Kaggle Grocery Part 1: Pandas Sampling and Dask

17 Jan 2018

by: Abbie Popa


I recently predicted grocery sales for a kaggle competition. In this competition, we were responsible for using data from six tables to predict how many units of different items would sell on future dates. This competitions presented several challenges, including merging multiple tables, working with a data frame that was larger than RAM, and working with categorical variables that had many classes. This is part one, where I discuss how I dealt with the large data frame. I will discuss my handling of categorical variables with h2o in part 2. I will update this post with a link when part 2 is available.

If you want to see my work, my notebooks can be found here.

Part 1: Dealing with data larger than RAM with Dask

When downloading the data they initially don’t actually look that big. The largest dataset, train.csv, is only 5 GB on disk. This is much smaller than some of the image and MRI (brain data) datasets I’ve worked on in the past, which are in the 100s of gigabytes (if not over a terabyte). However, a major difference is that image and MRI data sets I generally read in piece by piece, then transfer them to some other datatype such HDF5. In the case of these spreadsheets I ideally would like to read in the whole spreadsheet at once. However, even though the csv is 5 GB on disk, it will be larger as a pandas dataframe! This is because once the columns are typed, many types take more bytes to represent than does plain text. (Note, if you import the sys library you can get the size of a python object by using the sys.getsizeof(object) command.) In this case the pandas dataframe becomes larger than my laptop’s puny 8 GB of RAM. (Sorry laptop, I shoulda bought you more RAM.)

I dealt with this in two ways. The first was to read in a random subset of the training data. In this case, the training data are currently sorted by date, so I certainly wouldn’t want to read in only the first few rows. One could certainly make an argrument for only reading in the last few rows, since the most recent data is likely the most relevant to the future, but it’s worth learning to read in a random sample so that is what will be discussed here. Reading in a random sample is extremely simple with pandas. Simply use the following code where ‘n’ is the number of rows in your csv and ‘s’ is the number of rows you want to read in:

import random
import pandas as pd

n = 125497040
s = 10000
skip = sorted(random.sample(range(1,n), n-s))

train = pd.read_csv('train.csv', skiprows = skip)

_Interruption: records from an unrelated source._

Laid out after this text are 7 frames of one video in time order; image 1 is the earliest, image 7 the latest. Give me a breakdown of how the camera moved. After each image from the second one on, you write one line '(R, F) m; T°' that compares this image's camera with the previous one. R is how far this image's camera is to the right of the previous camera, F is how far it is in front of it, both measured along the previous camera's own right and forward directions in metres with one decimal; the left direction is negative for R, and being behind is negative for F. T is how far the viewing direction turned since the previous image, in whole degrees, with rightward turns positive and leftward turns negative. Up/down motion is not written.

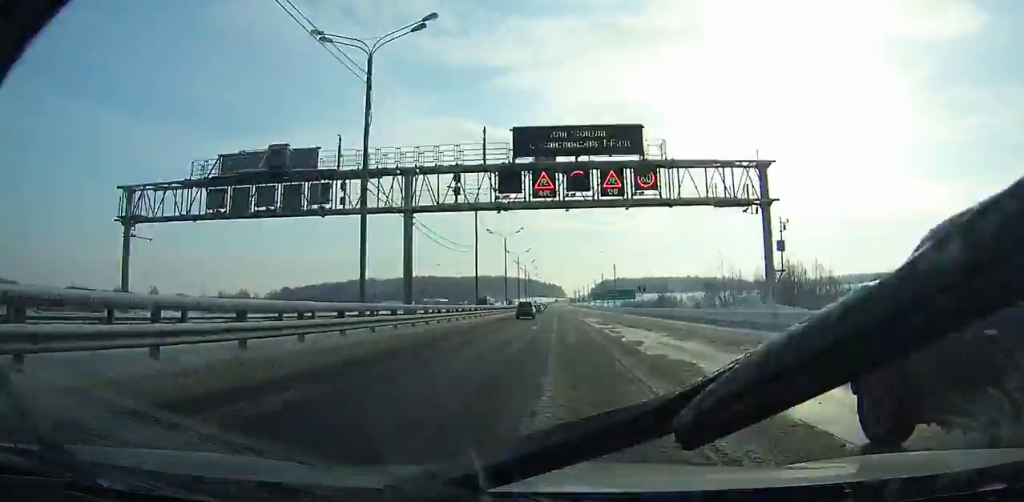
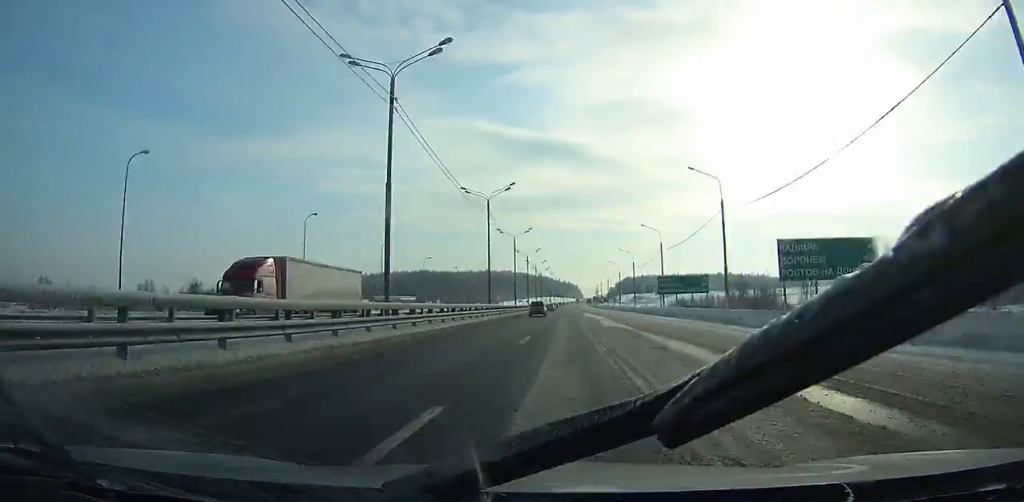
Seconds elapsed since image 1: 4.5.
(-0.2, +108.5) m; 0°
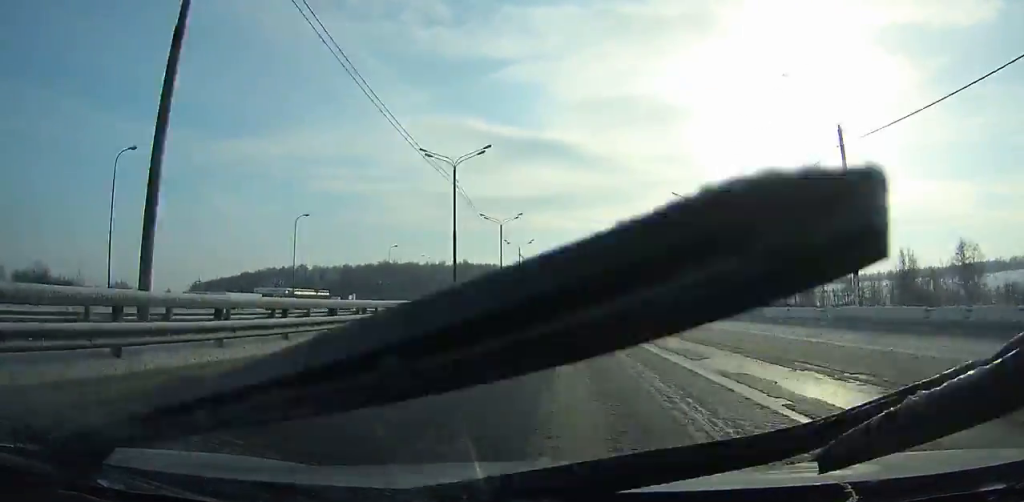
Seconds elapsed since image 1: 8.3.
(-0.3, +91.8) m; 0°
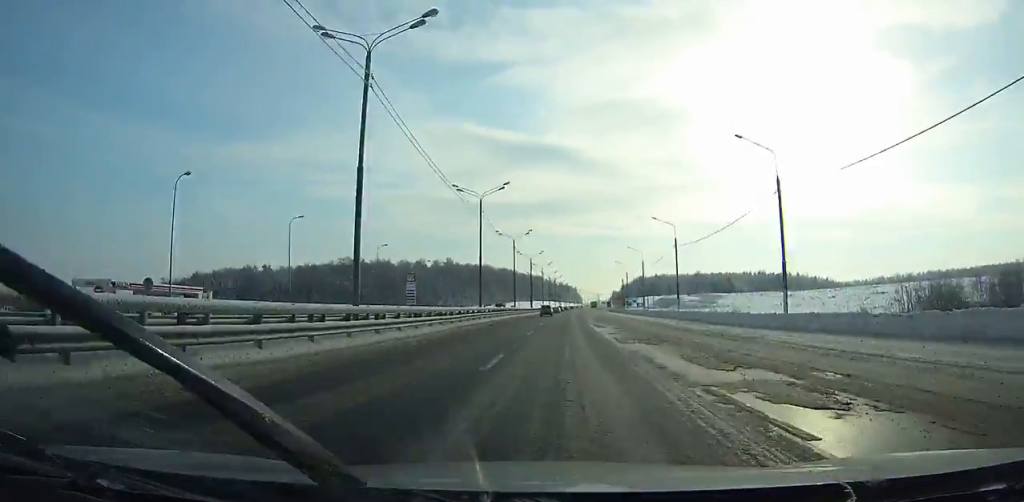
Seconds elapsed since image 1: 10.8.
(0.0, +60.6) m; 0°
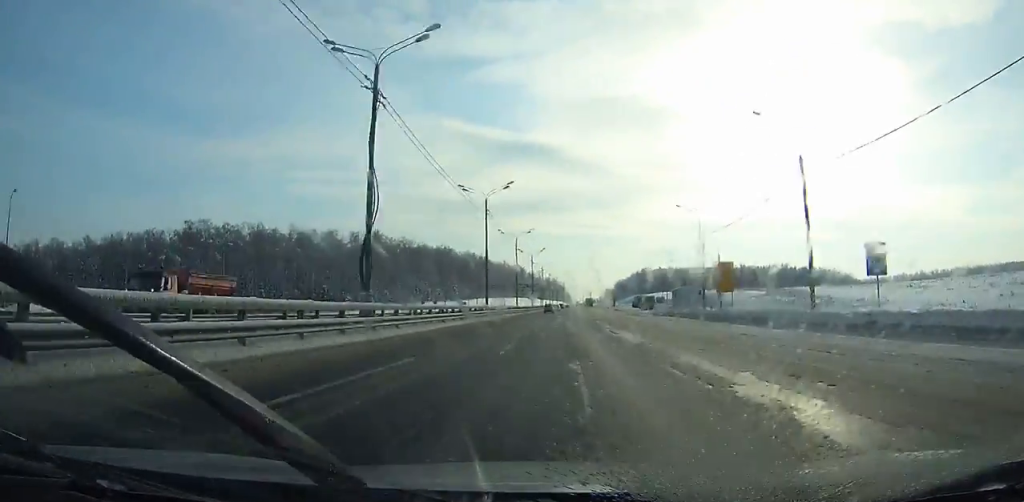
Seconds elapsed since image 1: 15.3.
(+0.9, +110.1) m; +1°
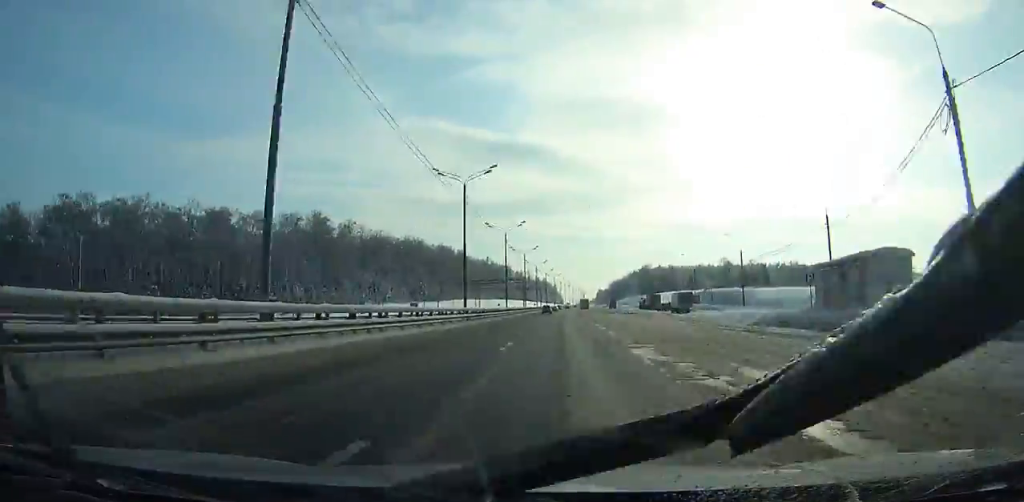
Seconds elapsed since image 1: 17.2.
(+0.3, +47.0) m; +1°
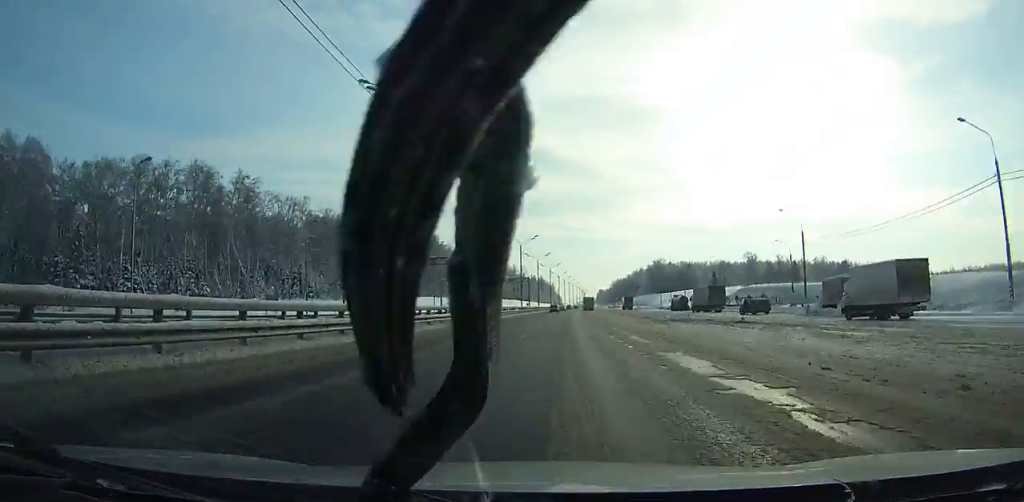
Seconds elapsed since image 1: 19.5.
(+0.3, +57.1) m; +1°

Now you have a sample of training data! This is extremely useful for setting up your scripts and testing to make sure everything is running properly. Later you can run your script on the full training data on something like AWS cloud computing.

The second resource I would like to highlight is dask.

alt text

I originally heard of dask with regard to its distributing computing scheduling capabilities, but dask also provides collections for bigger data sets. These work by “under the hood” breaking the data into multiple parallel collections. The fun part is, the dask dataframe mimics pandas, so most of your standard pandas commands will work on it. Though for anything that brings the whole collection together you will have to use .compute(), taking yourself out of the dask framework (though you can put the output file back into a dask collection if you need to). Dask has good documentation, so if you will use it someday I recommend going to the dask docs for all your dask needs.

Even with dask it is worth noting there is only so much you can do, which is why having access to a server or using AWS can be useful, however these options are outside the scope of this blogpost. You can, however, find a great tutorial here.